Has Imran Khan learnt his lessons from the events of the last few days? Rumours are afloat again in Pakistan that he may find ways of wriggling out of this directive of the Supreme Court too by declaring an economic emergency in view of many Pakistan economic parameters indicating a potential meltdown. Anything such as this could be possible only with the endorsement of the Pakistan Army and the latter has shown no propensity towards it.
It is possible that Imran Khan’s apparent confidence stems from some kind of a belief that he has the support of a segment of the Army; if it is his belief that Lt Gen Faiz Hameed can be his trump card against the Army Chief Gen Bajwa, he has to probably think many times over. It is doubtful that the one institution which has kept Pakistan together will fall prey to Imran Khan’s machinations on the basis of personal ambitions of individual General Officers below the Army Chief.
There are positives emerging from this situation with strengthening of some democratic norms and institutions which is good for Pakistan. If Imran Khan loses the vote for confidence in his leadership, he won’t be able to recommend dissolution of the National Assembly and fresh elections. He seems to be extremely keen on early elections which he views as something beneficial to him. Reports from Pakistan do indicate that in a free and fair election he could just return with a majority.
The Opposition on the other hand wishes to see the elections delayed as much as possible, to allow a new Government to find its feet and roll back some of the electoral reforms set in motion by Imran Khan. Opposition unity in Pakistan, like anywhere else, can be something very fickle. There is general bonhomie at present, but the PPP and PML(N) are not really the best of friends and their Coalition Government could run into many obstacles in the future, including the extension to be accorded to Gen Qamar Bajwa.
The constitutional crisis in Pakistan has fortunately occurred at a time when the situation in J&K is stable and the LoC ceasefire has held well for over a year. It may be premature to expect any positive developments on the India-Pakistan front unless there is a stable government in Pakistan. Even if the Opposition ends up with a Coalition Government led by Shehbaz Sharif, there is no guarantee that the Pakistan Army will favour a détente with India, even though Gen Bajwa has often spoken of it and done so recently at the Islamabad Security Dialogue too.

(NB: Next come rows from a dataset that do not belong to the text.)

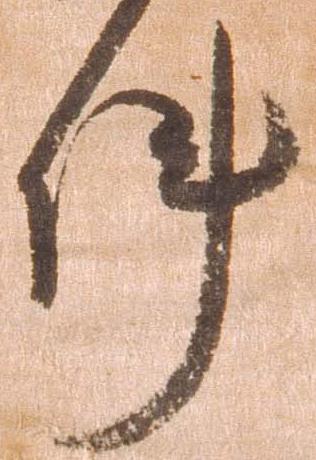
件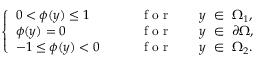
\left\{ \begin{array} { l l } { 0 < \phi ( { y } ) \leq 1 \qquad } & { \mathrm { ~ f ~ o ~ r ~ } \qquad { y } \, \, \in \, \, \Omega _ { 1 } , } \\ { \phi ( { y } ) = 0 } & { \mathrm { ~ f ~ o ~ r ~ } \qquad { y } \, \, \in \, \, \partial \Omega , } \\ { - 1 \leq \phi ( { y } ) < 0 \qquad } & { \mathrm { ~ f ~ o ~ r ~ } \qquad { y } \, \, \in \, \, \Omega _ { 2 } . } \end{array} \right.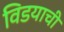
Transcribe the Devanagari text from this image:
विडयाची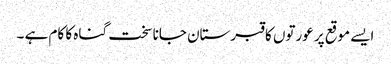
ایسے موقع پر عورتوں کا قبرستان جانا سخت گناہ کا کام ہے ۔
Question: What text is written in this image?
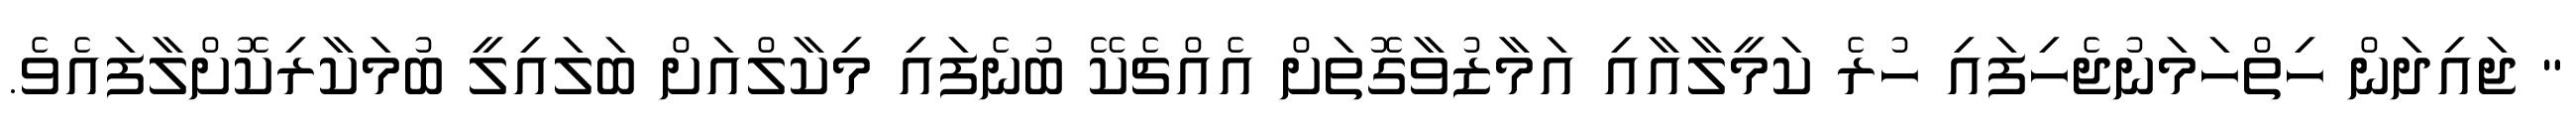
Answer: " ޖައިދަން ހިތްހަމަނުޖެހިފައި ހުރެ ކަމީލާއާއި އަމާޒުވާގޮތަށް އެއްޗެކޭ ބުނެފައި މިކާލްއަށް ބަލައިލީ ބުމަކާރިކޮށްލާފައެވެ.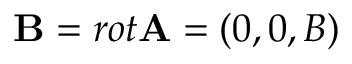
\mathbf { B } = r o t \mathbf { A } = ( 0 , 0 , B )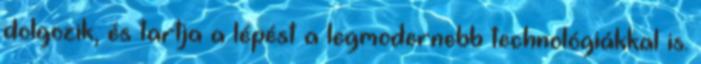
dolgozik, és tartja a lépést a legmodernebb technológiákkal is.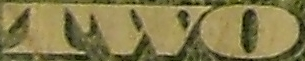
TWO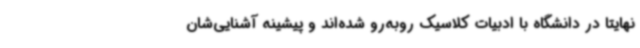
نهایتا در دانشگاه با ادبیات کلاسیک روبه‌رو شده‌اند و پیشینه آشنایی‌شان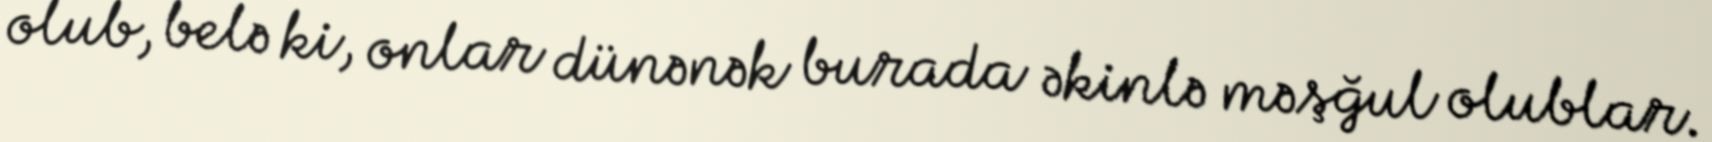
olub, belə ki, onlar dünənək burada əkinlə məşğul olublar.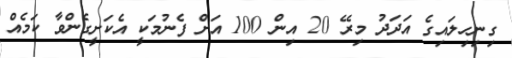
ގިނިހިލައިގެ އަދަދު މިރޭ 20 އިން 100 އަށް ފެނުމަކީ އެކަށީގެންވާ ކަމެއް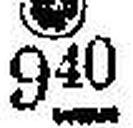
### 940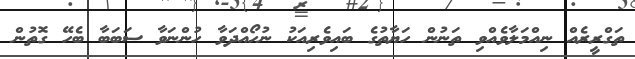
ތަގްރީރެއް ނިއްމަލާވެއްވި ތަނުން ހަޔާތުގެ ބައިވެރިއަކު ނުހޯއްދަވާ ހުންނަވާ ސަބަބާ ބެހޭ ގޮތުން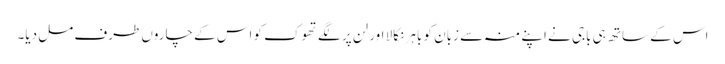
اس کے ساتھ ہی باجی نے اپنے منہ سے زبان کو باہر نکالا اور لن پر لگے تھوک کو اس کے چاروں طرف مل دیا۔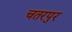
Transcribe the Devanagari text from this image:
चतरपुर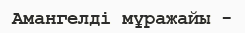
Амангелді мұражайы -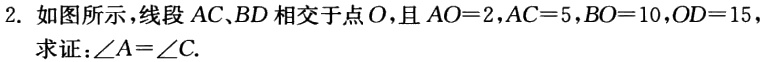
2. 如图所示，线段 \(AC、BD\) 相交于点 \(O\)，且 \(AO = 2,AC = 5,BO = 10,OD = 15\)，

求证：\(\angle A=\angle C\).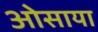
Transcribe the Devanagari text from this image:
ओसाया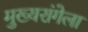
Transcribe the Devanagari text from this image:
मुख्यरांगेला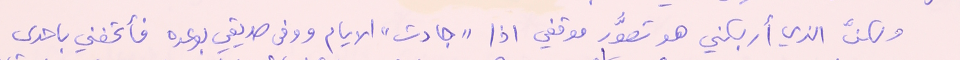
ولكنَّ الذي أربكني هو تصوُّر موقفي اذا "جادت" الايام ووفى صديقي بوعده فأتحفني باحدى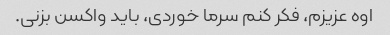
اوه عزیزم، فکر کنم سرما خوردی، باید واکسن بزنی.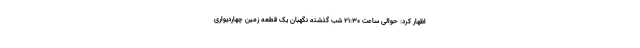
اظهار کرد: حوالی ساعت 21:30 شب گذشته نگهبان یک قطعه زمین چهاردیواری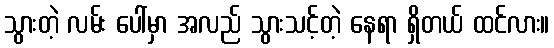
သွားတဲ့ လမ်း ပေါ်မှာ အလည် သွားသင့်တဲ့ နေရာ ရှိတယ် ထင်လား။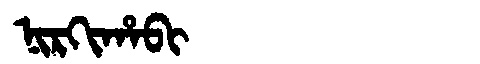
Manchu: ᠨᡳᡵᡴᡳᡥᠠᠪᡳ
Romanization: NIRKIHABI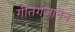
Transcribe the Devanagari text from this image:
गीतगजानन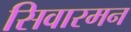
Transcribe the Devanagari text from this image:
सिवारमन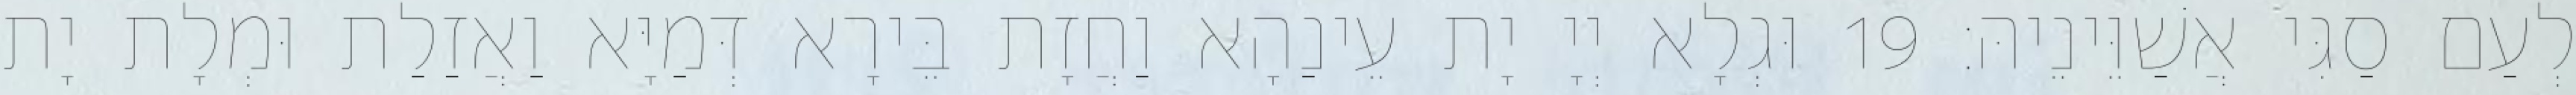
לְעַם סַגִּי אֲשַׁוֵּינֵיהּ׃ 19 וּגְלָא יְיָ יָת עֵינַהָא וַחֲזָת בֵּירָא דְּמַיָּא וַאֲזַלַת וּמְלָת יָת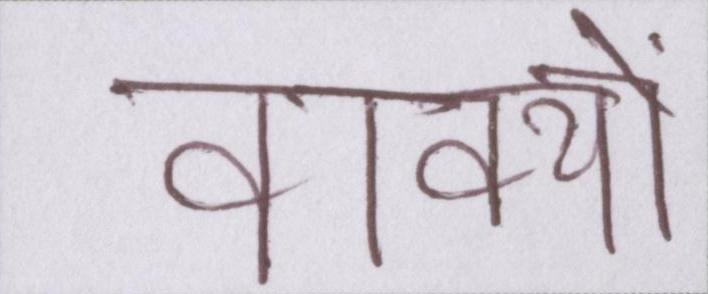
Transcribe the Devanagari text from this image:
वाक्यों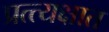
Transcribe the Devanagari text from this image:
प्रत्त्यक्षात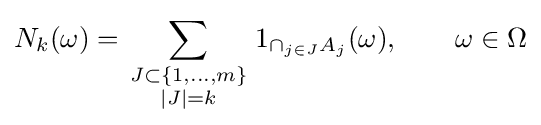
N_{k}(\omega )=\sum _{\scriptstyle J\subset \{1,\ldots ,m\} \atop \scriptstyle |J|=k}1_{\cap _{j\in J}A_{j}}(\omega ),\qquad \omega \in \Omega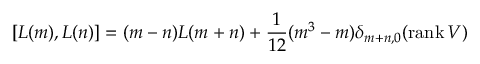
[ L ( m ) , L ( n ) ] = ( m - n ) L ( m + n ) + \frac { 1 } { 1 2 } ( m ^ { 3 } - m ) \delta _ { m + n , 0 } ( \mathrm { r a n k } \, V )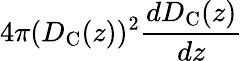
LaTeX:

For Pakistan it will be extremely useful to usher in a period of good relations with India especially in view of the precarious economic situation. However, to achieve that it has to be convincing in its approach and sincerity with reference to India’s requirement of ‘talks and terror’ not going together. With the world transforming through to a potentially fresh set of geopolitical equations, this may be an appropriate time to consider encouraging such a change in the Subcontinent too.